**ACTION ITEM**. Make an exact copy of the listing so that no picture is carried over.

**PROVIDED DATA**.
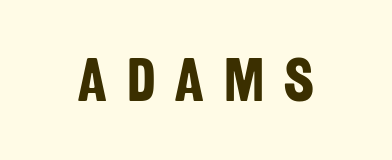
Compared with typical body copy, the letter spacing here is much looser. The paragraph has two soft edges and a firm central axis. You could not count columns in this text — the font is proportionally spaced. Bold? Absolutely — the strokes are thick and heavy.
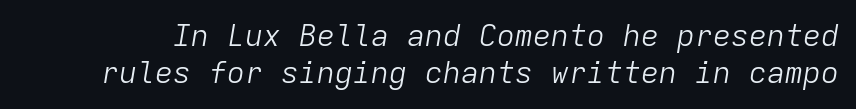
The image shows 30 px light type, italic (leaning right), monospaced; set line spacing 1.23x, normal letter spacing, not underlined; low stroke contrast and a medium x-height.
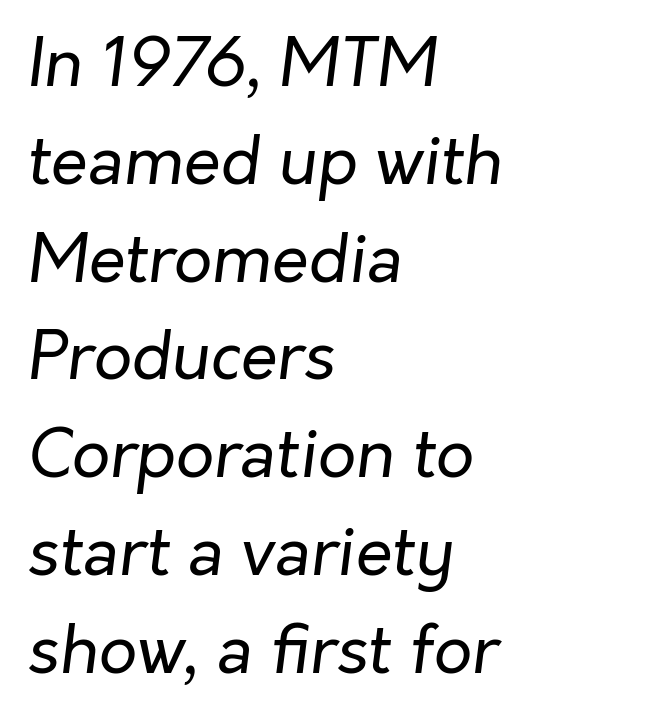
You could not count columns in this text — the font is proportionally spaced. The space directly below the letters is spotless. These lines sit exactly where default settings would place them. Think standard paragraph weight, or any step lighter than that.
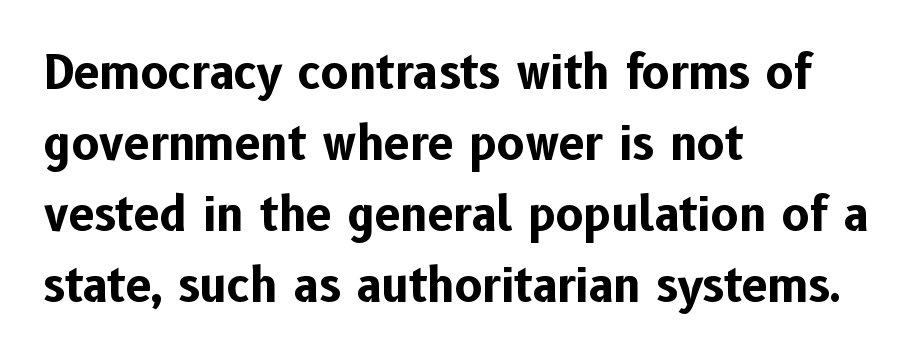
The image shows 46 px bold sans-serif type, upright; set left-aligned, normal line spacing (1.54x), normal letter spacing, not underlined; low stroke contrast and a medium x-height.
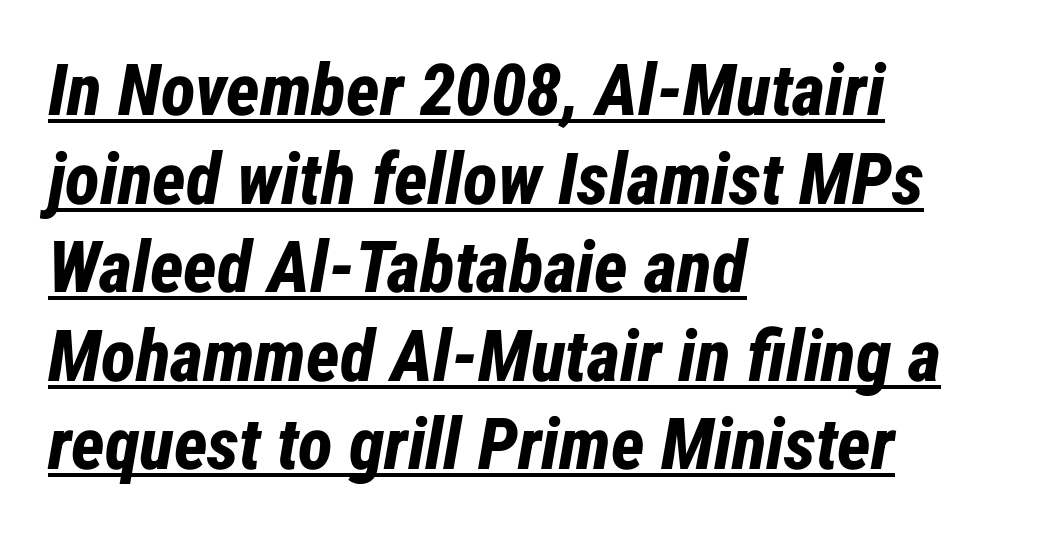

**RESULT OF THIS TASK**.
Compared with typical body copy, the letter spacing here is much looser. The paragraph has two soft edges and a firm central axis. You could not count columns in this text — the font is proportionally spaced. Bold? Absolutely — the strokes are thick and heavy.
The image shows 30 px light type, italic (leaning right), monospaced; set line spacing 1.23x, normal letter spacing, not underlined; low stroke contrast and a medium x-height.
You could not count columns in this text — the font is proportionally spaced. The space directly below the letters is spotless. These lines sit exactly where default settings would place them. Think standard paragraph weight, or any step lighter than that.
The image shows 46 px bold sans-serif type, upright; set left-aligned, normal line spacing (1.54x), normal letter spacing, not underlined; low stroke contrast and a medium x-height.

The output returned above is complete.